ここまで、憲法のびっくりの一部を駆け足で話しました。気づくことは、日本の保守政権のGHQ草案に対する抵抗です。いい意味の抵抗ならいいのですが、明治憲法に近づけようと画策し、その結果、内容が人権感覚からいって後退しています。残念ながらGHQ草案のほうがすぐれている。これは、GHQによって却下された松本試案の中にある明治憲法の精神で、日本側がGHQ草案に抵抗した結果です。

 この構造は安倍首相と日本会議の人たちが、戦後レジーム(戦後憲法体制)からの脱却を掲げているのと相似しています。
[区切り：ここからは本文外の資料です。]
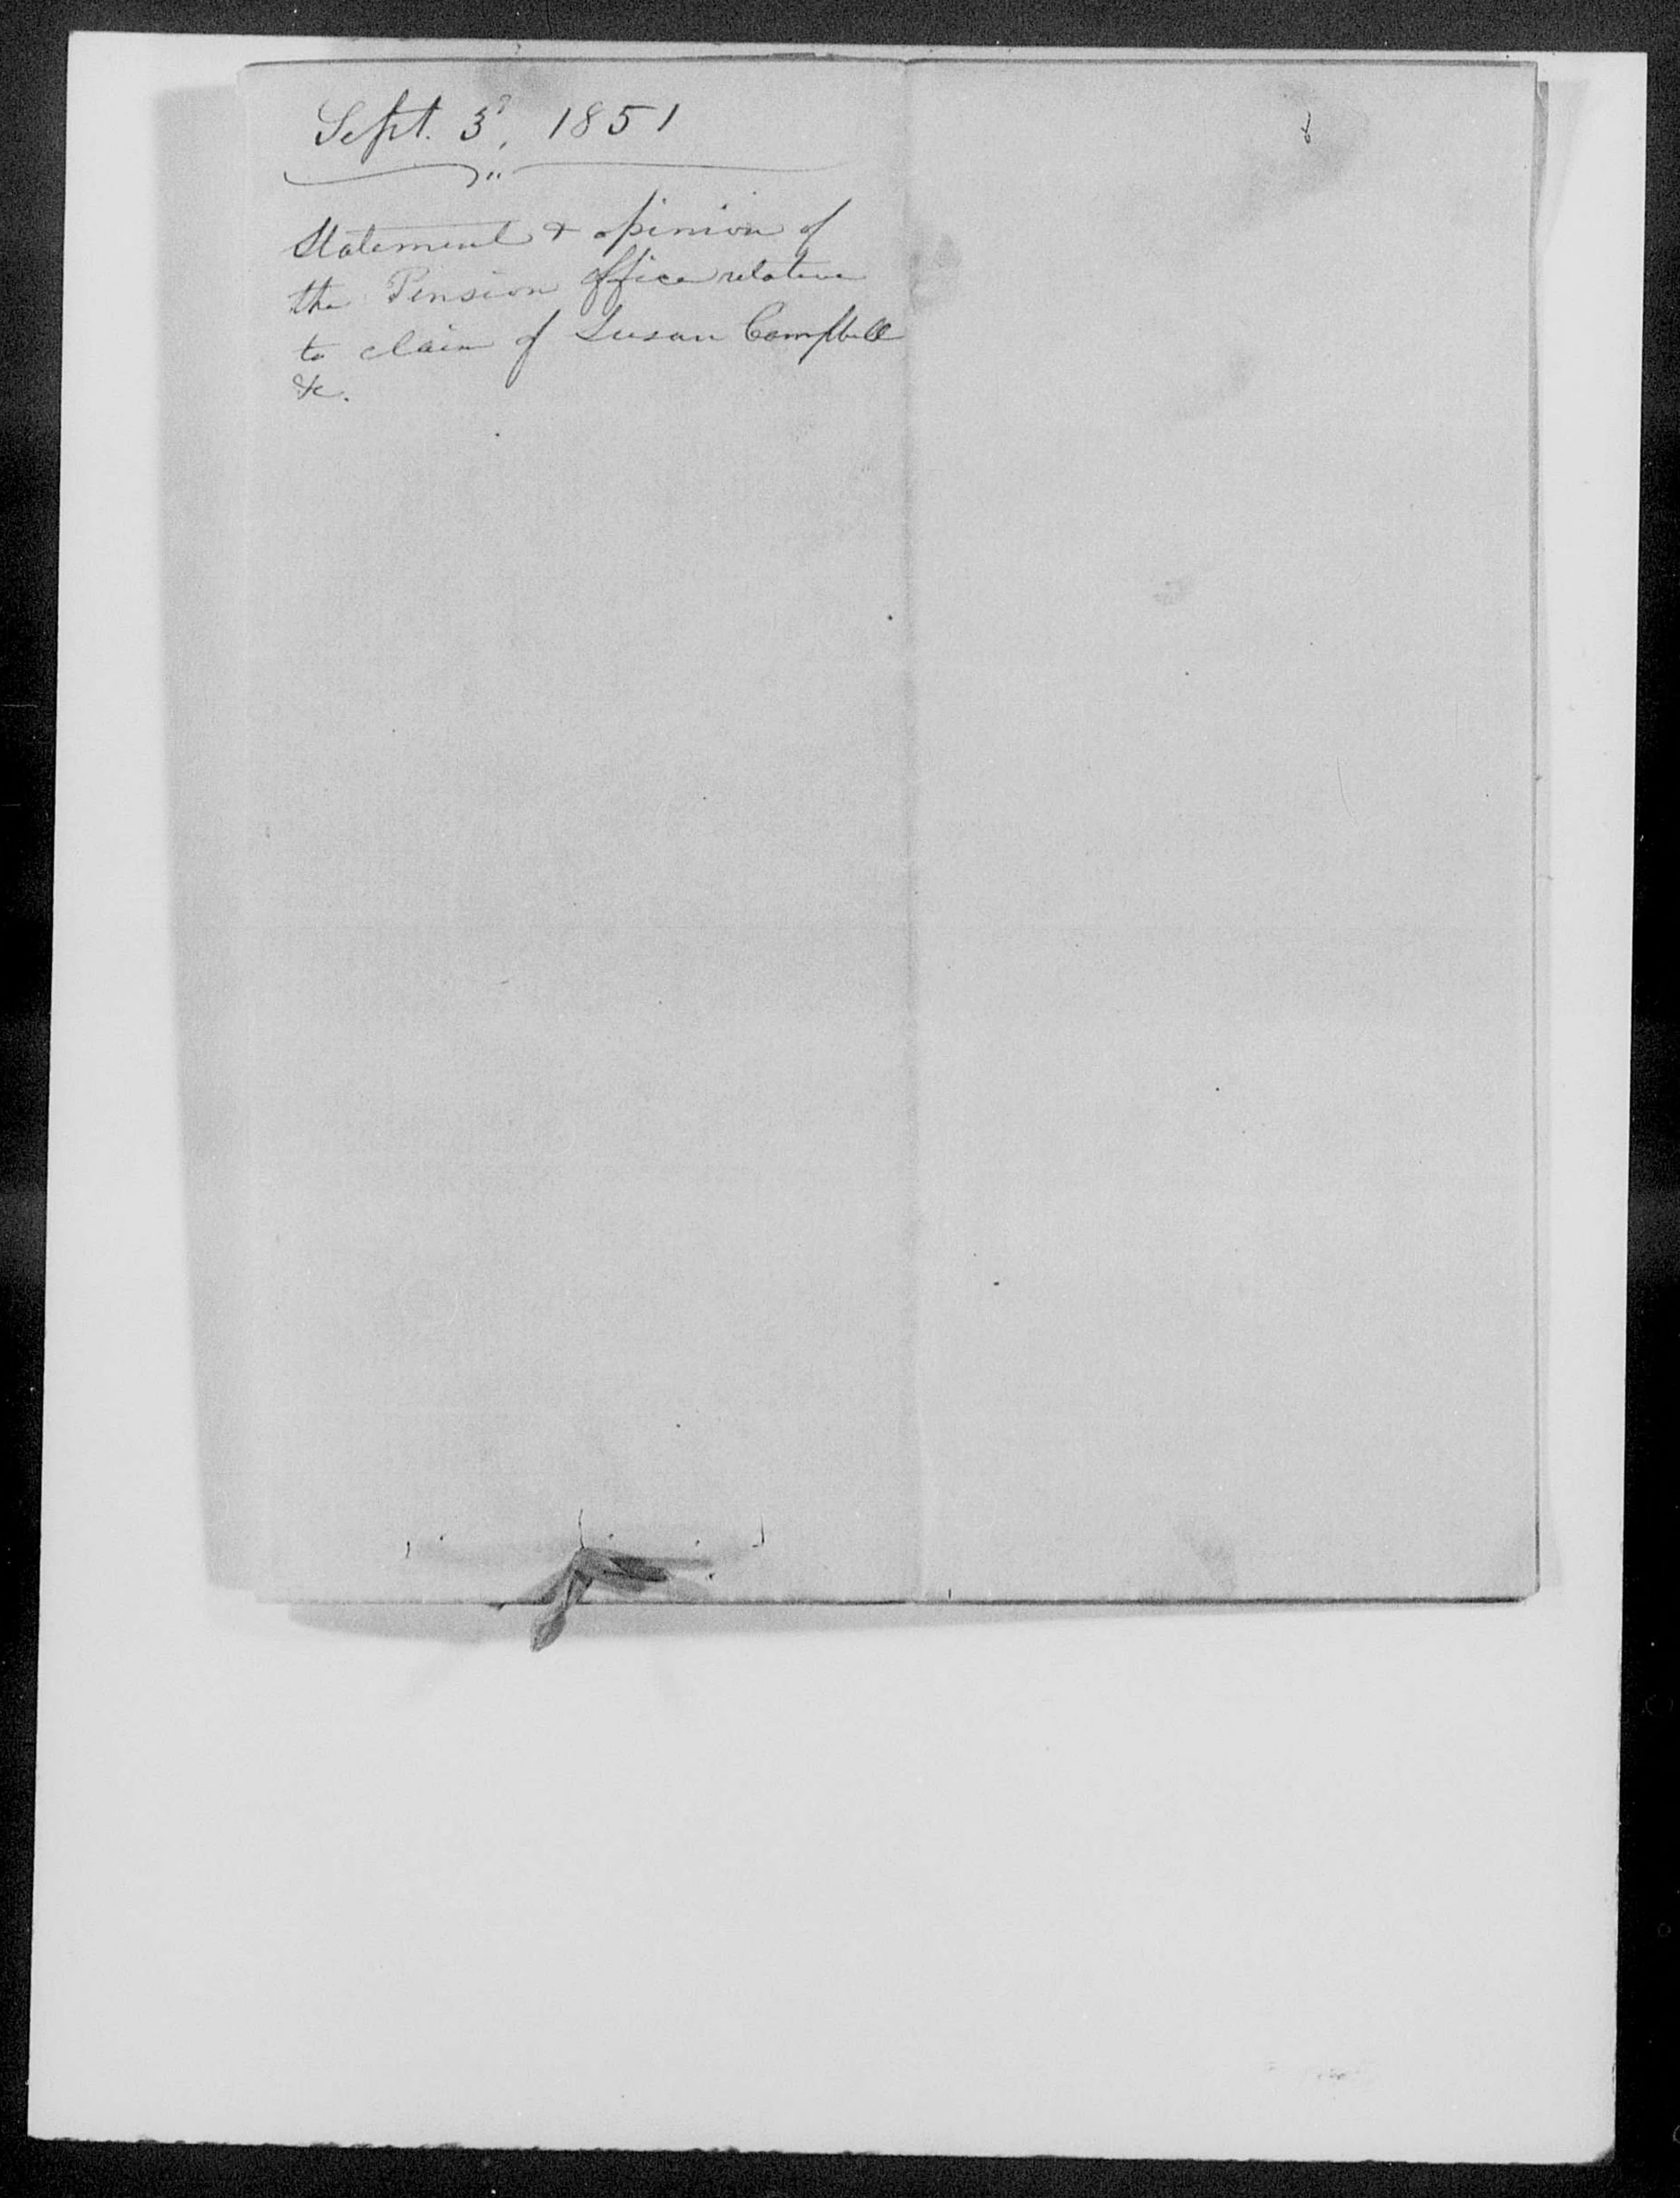Sept. 3d, 1851

Statement & opinion of
the Pension Office relative
to claim of Susan Campbell
&c.

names: Susan Campbell
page: 160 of 267
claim: widow's
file: W. 4,149, William Campbell, Va.

GHQ草案が下敷きになっている個人主義に基づく日本国憲法に対して、押しつけられたから(押しつけではないことを見ましたね)と、大幅な変更を掲げる自民改憲草案は、個人より国を優先し、家族主義をかかげ、天皇を象徴から国家元首に変更し、神社神道を重視し、戦争のできるふつうの国にして、明治憲法体制の復活をねらう姿勢が見え見えです。自民党に寄り添っている支配層にとって、いまの憲法より明らかに明治憲法のほうが国民を支配しやすいからです。

 これに抗するには、学校で文部科学省が教えない以上、主権者の力を発揮して、私たち市民が憲法の学習運動を起こすことです。憲法が示している多様な人権を皆さんに知ってもらいましょう。と同時に、いままで埋もれていた戦争の惨禍を受けてできた憲法前文の世界から差別をなくす高い理想を掘り起こして、政治に理想をかかげられる希望を見たいですね。